Records excerpted from a collection:
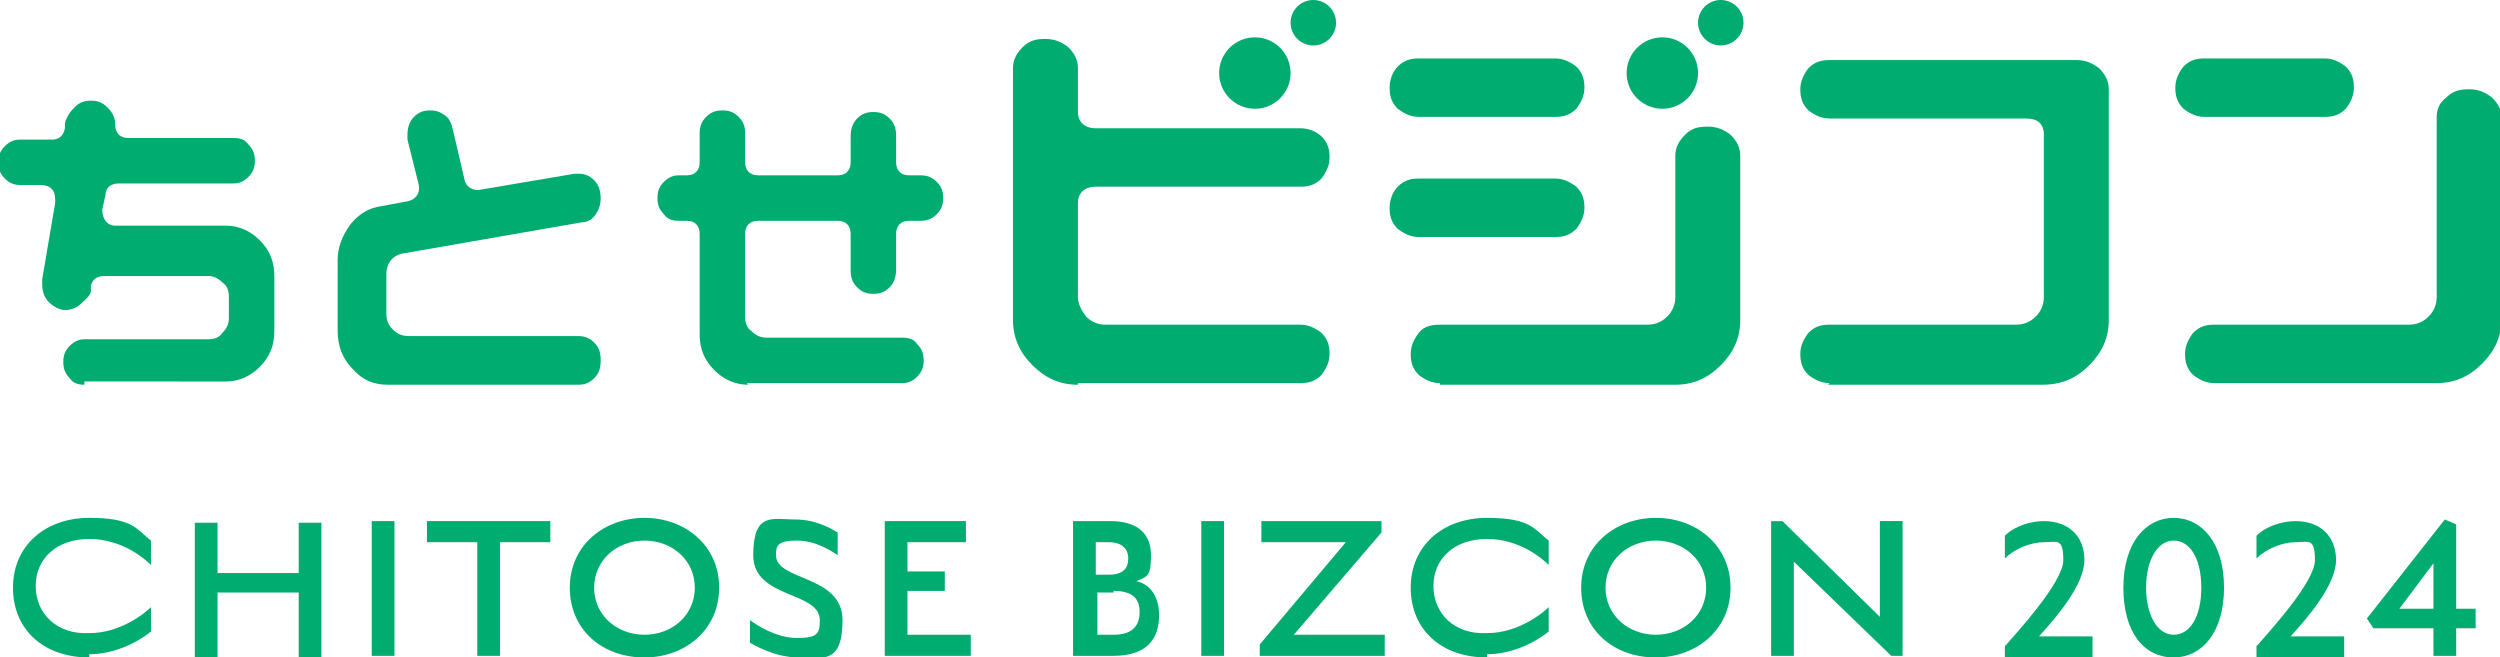 <?xml version="1.0" encoding="UTF-8"?>
<svg id="_レイヤー_2" data-name="レイヤー 2" xmlns="http://www.w3.org/2000/svg" viewBox="0 0 154 40.5">
  <defs>
    <style>
      .cls-1 {
        fill: #00ac6f;
        stroke-width: 0px;
      }
    </style>
  </defs>
  <g id="_レイヤー_1-2" data-name="レイヤー 1">
    <g>
      <g>
        <path class="cls-1" d="M5.2,23.7c-.4,0-.7-.1-.9-.4-.3-.3-.4-.6-.4-1s.1-.7.4-1c.3-.3.6-.4.9-.4h7.6c.4,0,.7-.1.9-.4.3-.3.4-.6.4-.9v-1.3c0-.4-.1-.7-.4-.9-.3-.3-.6-.4-.9-.4h-6.4c-.4,0-.7.2-.8.6v.3c0,.3-.3.5-.6.8-.3.3-.7.4-1,.4s-.7-.2-1-.5c-.3-.3-.4-.7-.4-1.1s0-.2,0-.3l.8-4.7v-.2c0-.6-.3-.9-.9-.9h-1.2c-.4,0-.7-.1-1-.4-.3-.3-.4-.6-.4-1s.1-.7.4-1c.3-.3.6-.4.9-.4h2c.4,0,.7-.2.8-.7v-.3c.1-.4.3-.7.6-1,.3-.3.6-.4,1-.4s.7.1,1,.4c.3.3.5.6.5,1.1,0,.5.3.8.8.8h6.5c.4,0,.7.1.9.4.3.3.4.6.4,1s-.1.7-.4,1c-.3.3-.6.4-.9.4h-7.1c-.5,0-.8.3-.8.7l-.2.9s0,0,0,0h0c0,.6.3,1,.8,1h6.8c.8,0,1.5.3,2.1.9.6.6.9,1.3.9,2.2v3.4c0,.9-.3,1.6-.9,2.2-.6.6-1.3.9-2.1.9H5.2Z"/>
        <path class="cls-1" d="M23.9,23.7c-.9,0-1.6-.3-2.2-1-.6-.6-.9-1.4-.9-2.3v-4.4c0-.8.3-1.5.8-2.2.5-.6,1.1-1,1.9-1.1l1.6-.3c.5-.1.8-.5.7-1l-.7-2.8c0-.1,0-.2,0-.3,0-.4.1-.8.4-1.1.3-.3.6-.4,1-.4s.6.1.9.3c.3.2.4.5.5.9l.7,3c.1.6.6.7.8.7s0,0,.1,0l5.9-1c0,0,.1,0,.2,0,.4,0,.7.1,1,.4.3.3.4.7.4,1.1s-.1.7-.3,1c-.2.3-.5.5-.9.5l-10.9,1.9c-.7.1-1.1.6-1.1,1.3v2.4c0,.4.1.7.4,1,.3.3.6.4,1,.4h10.4c.4,0,.7.1,1,.4.3.3.4.6.4,1.1s-.1.8-.4,1.1c-.3.3-.6.4-1,.4h-11.7Z"/>
        <path class="cls-1" d="M46.1,23.7c-.8,0-1.5-.3-2.1-.9-.6-.6-.9-1.3-.9-2.2v-6.2c0-.5-.3-.8-.8-.8h-.5c-.4,0-.7-.1-.9-.4-.3-.3-.4-.6-.4-1s.1-.7.4-1c.3-.3.6-.4.9-.4h.5c.5,0,.8-.3.8-.8v-1.8c0-.4.1-.7.4-1,.3-.3.6-.4,1-.4s.7.1,1,.4c.3.3.4.6.4,1v1.8c0,.5.3.8.8.8h4.9c.5,0,.8-.3.8-.8v-1.6c0-.4.1-.8.4-1.1.3-.3.6-.4,1-.4s.7.1,1,.4c.3.3.4.6.4,1.1v1.6c0,.5.3.8.8.8h.7c.4,0,.7.1,1,.4.3.3.4.6.4,1s-.1.7-.4,1c-.3.3-.6.4-1,.4h-.7c-.5,0-.8.3-.8.8v2.2c0,.4-.1.8-.4,1.1-.3.3-.6.4-1,.4s-.7-.1-1-.4c-.3-.3-.4-.6-.4-1.1v-2.2c0-.5-.3-.8-.8-.8h-4.9c-.5,0-.8.3-.8.8v5.1c0,.4.1.7.4.9.3.3.6.4.9.4h8.4c.4,0,.7.1.9.4.3.3.4.6.4,1s-.1.7-.4,1c-.3.3-.6.4-.9.4h-9.6Z"/>
      </g>
      <g>
        <g>
          <path class="cls-1" d="M66.4,23.7c-1.1,0-2-.4-2.8-1.2-.8-.8-1.2-1.7-1.2-2.8V4.2c0-.5.2-.9.6-1.3.4-.4.8-.5,1.4-.5s1,.2,1.4.5c.4.4.6.8.6,1.3v2.7c0,.6.4,1,1.1,1h12.6c.5,0,1,.2,1.3.5.4.4.5.8.5,1.3s-.2.9-.5,1.3c-.4.4-.8.5-1.3.5h-12.6c-.7,0-1.1.4-1.1,1v5.8c0,.4.2.8.5,1.2.3.3.7.5,1.2.5h12c.5,0,.9.2,1.3.5.4.4.5.8.5,1.3s-.2.9-.5,1.3c-.4.4-.8.5-1.3.5h-13.7Z"/>
          <path class="cls-1" d="M88.7,23.6c-.5,0-.9-.2-1.3-.5-.4-.4-.5-.8-.5-1.3s.2-.9.5-1.3.8-.5,1.3-.5h12.8c.5,0,.9-.2,1.2-.5.3-.3.5-.7.5-1.2v-8.7c0-.5.2-.9.6-1.3.4-.4.8-.5,1.4-.5s1,.2,1.4.5c.4.4.6.8.6,1.3v10.1c0,1.1-.4,2-1.2,2.8-.8.8-1.7,1.2-2.8,1.2h-14.5ZM87.4,14.6c-.5,0-.9-.2-1.3-.5-.4-.4-.5-.8-.5-1.3s.2-1,.5-1.3c.4-.4.8-.5,1.3-.5h8.4c.5,0,.9.2,1.3.5.4.4.5.8.5,1.3s-.2.9-.5,1.3c-.4.4-.8.5-1.3.5h-8.4ZM87.4,7.2c-.5,0-.9-.2-1.3-.5-.4-.4-.5-.8-.5-1.3s.2-1,.5-1.3c.4-.4.8-.5,1.3-.5h8.4c.5,0,.9.2,1.3.5.4.4.5.8.5,1.3s-.2.9-.5,1.3c-.4.4-.8.5-1.3.5h-8.4Z"/>
          <path class="cls-1" d="M112.7,23.6c-.5,0-.9-.2-1.3-.5-.4-.4-.5-.8-.5-1.3s.2-.9.5-1.3c.4-.4.8-.5,1.3-.5h11.5c.5,0,.9-.2,1.2-.5.3-.3.5-.7.5-1.2v-10c0-.7-.4-1-1.1-1h-12.1c-.5,0-.9-.2-1.3-.5-.4-.4-.5-.8-.5-1.3s.2-.9.5-1.3c.4-.4.8-.5,1.3-.5h15.2c.6,0,1,.2,1.4.5.4.4.6.8.6,1.3v14.2c0,1.1-.4,2-1.2,2.8-.8.8-1.7,1.2-2.9,1.2h-13.2Z"/>
          <path class="cls-1" d="M136.4,23.6c-.5,0-.9-.2-1.3-.5-.4-.4-.5-.8-.5-1.3s.2-.9.5-1.3c.4-.4.8-.5,1.3-.5h12c.5,0,.9-.2,1.2-.5.3-.3.5-.7.5-1.2V7.2c0-.5.2-.9.6-1.2.4-.4.8-.5,1.4-.5s1,.2,1.4.5c.4.4.6.8.6,1.2v12.4c0,1.1-.4,2-1.2,2.8-.8.8-1.7,1.2-2.8,1.2h-13.6ZM135.8,7.2c-.5,0-.9-.2-1.3-.5-.4-.4-.5-.8-.5-1.3s.2-.9.5-1.3c.4-.4.8-.5,1.3-.5h7.4c.5,0,.9.2,1.3.5.4.4.5.8.5,1.3s-.2.9-.5,1.3c-.4.4-.8.5-1.3.5h-7.4Z"/>
        </g>
        <g>
          <circle class="cls-1" cx="77.3" cy="4.5" r="2.2"/>
          <circle class="cls-1" cx="80.9" cy="1.4" r="1.4"/>
        </g>
        <g>
          <circle class="cls-1" cx="102.4" cy="4.5" r="2.2"/>
          <circle class="cls-1" cx="106" cy="1.4" r="1.4"/>
        </g>
      </g>
      <g>
        <path class="cls-1" d="M5.5,40.5c-2.8,0-4.7-1.7-4.7-4.3s2-4.3,4.7-4.3,2.9.7,3.8,1.4v1.5c-.4-.4-1.8-1.6-3.8-1.6-2,0-3.3,1.2-3.3,2.9s1.3,3,3.3,2.9c1.9,0,3.4-1.2,3.8-1.6v1.5c-1,.8-2.4,1.4-3.8,1.4Z"/>
        <path class="cls-1" d="M18.4,36.5h-5v4h-1.4v-8.3h1.4v3.1h5v-3.1h1.4v8.3h-1.4v-4Z"/>
        <path class="cls-1" d="M22.9,32.1h1.4v8.3h-1.4v-8.3Z"/>
        <path class="cls-1" d="M30.8,40.4h-1.4v-7h-3.1v-1.3h7.6v1.3h-3.1v7Z"/>
        <path class="cls-1" d="M39.7,40.5c-2.6,0-4.6-1.7-4.6-4.3s2.1-4.3,4.6-4.3,4.6,1.7,4.6,4.3-2.1,4.3-4.6,4.3ZM39.7,33.3c-1.7,0-3.1,1.2-3.1,2.9s1.4,2.9,3.1,2.9,3.1-1.2,3.1-2.9-1.4-2.9-3.1-2.9Z"/>
        <path class="cls-1" d="M49.2,40.5c-1.5,0-2.8-.8-3-.9v-1.4c.4.3,1.6,1.1,2.9,1.1s1.4-.3,1.4-1.1c0-1.8-4.1-1.3-4.1-4s1.2-2.2,2.6-2.2,2.4.7,2.6.8v1.4c-.3-.2-1.3-.9-2.5-.9s-1.3.3-1.3.9c0,1.6,4.1,1.2,4.1,4s-1.3,2.3-2.7,2.3Z"/>
        <path class="cls-1" d="M54.5,32.1h5v1.3h-3.6v1.8h2.3v1.2h-2.3v2.7h3.9v1.3h-5.3v-8.3Z"/>
        <path class="cls-1" d="M68.7,40.4h-2.6v-8.3h2.3c1.7,0,2.5.8,2.5,2.1s-.2,1.3-.9,1.6c.9.2,1.4,1,1.4,2.1,0,1.5-.8,2.5-2.8,2.5ZM68.3,33.4h-.8v2h.8c.9,0,1.2-.4,1.2-1s-.4-1-1.2-1ZM68.6,36.5h-1v2.6h1c1.2,0,1.6-.6,1.6-1.4s-.4-1.3-1.6-1.3Z"/>
        <path class="cls-1" d="M74,32.1h1.4v8.3h-1.4v-8.3Z"/>
        <path class="cls-1" d="M77.6,39.7l5.3-6.3h-5.2v-1.3h7.4v.7l-5.4,6.3h5.6v1.3h-7.7v-.7Z"/>
        <path class="cls-1" d="M91.6,40.5c-2.8,0-4.7-1.7-4.7-4.3s2-4.3,4.7-4.3,2.9.7,3.8,1.4v1.5c-.4-.4-1.8-1.6-3.8-1.6-2,0-3.3,1.2-3.3,2.9s1.3,3,3.3,2.9c1.9,0,3.4-1.2,3.8-1.6v1.5c-1,.8-2.4,1.4-3.8,1.4Z"/>
        <path class="cls-1" d="M102,40.5c-2.6,0-4.6-1.7-4.6-4.3s2.1-4.3,4.6-4.3,4.6,1.7,4.6,4.3-2.1,4.3-4.6,4.3ZM102,33.3c-1.7,0-3.1,1.2-3.1,2.9s1.4,2.9,3.1,2.9,3.1-1.2,3.1-2.9-1.4-2.9-3.1-2.9Z"/>
        <path class="cls-1" d="M116.5,40.4l-6-5.8c0,.1,0,.5,0,1v4.8h-1.4v-8.3h.7l6,5.9c0-.2,0-.5,0-.8v-5.1h1.4v8.3h-.7Z"/>
        <path class="cls-1" d="M123.6,39.7c.5-.6,3.5-3.8,3.5-5.2s-.4-1.1-1.2-1.1-1.8.4-2.4,1v-1.4c.6-.6,1.6-.9,2.4-.9,1.5,0,2.5.9,2.5,2.4s-1.7,3.5-2.8,4.7h1.1s2.2,0,2.2,0v1.3h-5.4v-.7Z"/>
        <path class="cls-1" d="M133.9,40.5c-1.8,0-3.1-1.5-3.1-4.3s1.4-4.3,3.1-4.3,3.1,1.5,3.1,4.3-1.4,4.3-3.1,4.3ZM133.9,33.3c-1,0-1.7,1.2-1.7,2.9s.7,2.9,1.7,2.9,1.7-1.1,1.7-2.9-.7-2.9-1.7-2.9Z"/>
        <path class="cls-1" d="M139.1,39.7c.5-.6,3.5-3.8,3.5-5.2s-.4-1.1-1.2-1.1-1.8.4-2.4,1v-1.4c.6-.6,1.6-.9,2.4-.9,1.5,0,2.5.9,2.5,2.4s-1.7,3.5-2.8,4.7h1.1s2.2,0,2.2,0v1.3h-5.4v-.7Z"/>
        <path class="cls-1" d="M151.3,40.4h-1.4v-1.7h-3.7l-.4-.6,4.8-6.1.7.3v5.2h1.2v1.2h-1.2v1.7ZM147.8,37.5h2.1v-2.8l-2.1,2.8Z"/>
      </g>
    </g>
  </g>
</svg>

== WHAT YOU SHOULD DO ==
Each line above that has the word "data" must be copied.

== EXPECTED ANSWER ==
<svg id="_レイヤー_2" data-name="レイヤー 2" xmlns="http://www.w3.org/2000/svg" viewBox="0 0 154 40.5">
  <g id="_レイヤー_1-2" data-name="レイヤー 1">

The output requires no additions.